### Provided data:
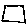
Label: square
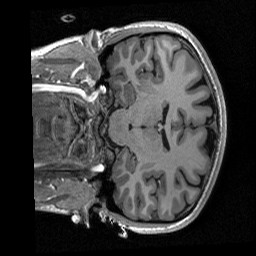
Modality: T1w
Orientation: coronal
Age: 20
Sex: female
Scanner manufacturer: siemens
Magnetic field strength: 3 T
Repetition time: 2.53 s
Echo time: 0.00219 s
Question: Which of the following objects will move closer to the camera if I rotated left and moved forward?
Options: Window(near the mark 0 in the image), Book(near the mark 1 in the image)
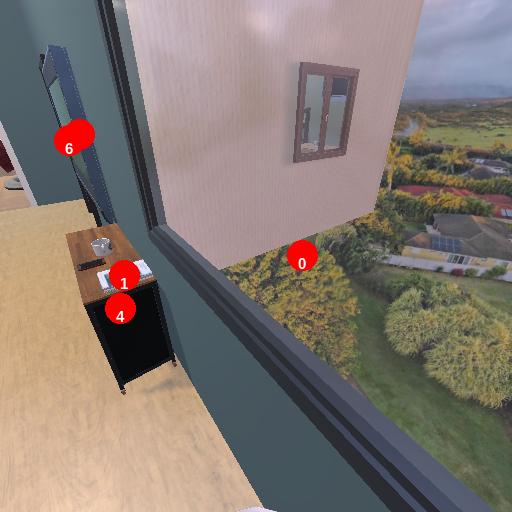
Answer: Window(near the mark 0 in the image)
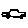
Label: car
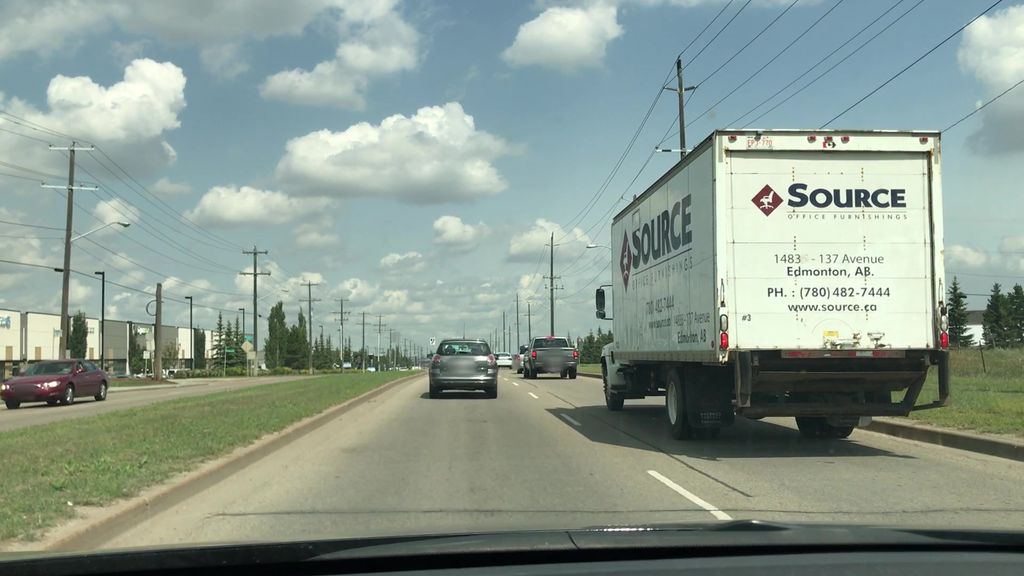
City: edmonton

--

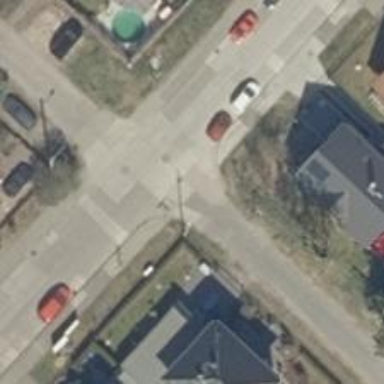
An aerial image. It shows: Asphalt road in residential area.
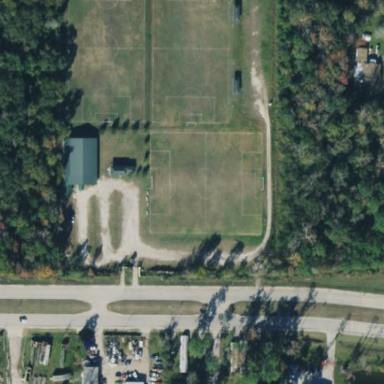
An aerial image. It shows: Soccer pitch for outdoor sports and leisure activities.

* * *

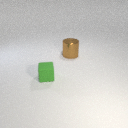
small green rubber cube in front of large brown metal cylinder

### How to complete this task:
Of all the entries above, repeat only the lines from the line that has "Repetition time: 2.53 s" to the line that has "Options: Window(near the", both lines included, exactly.

### Exercise solution:
Repetition time: 2.53 s
Echo time: 0.00219 s
Question: Which of the following objects will move closer to the camera if I rotated left and moved forward?
Options: Window(near the mark 0 in the image), Book(near the mark 1 in the image)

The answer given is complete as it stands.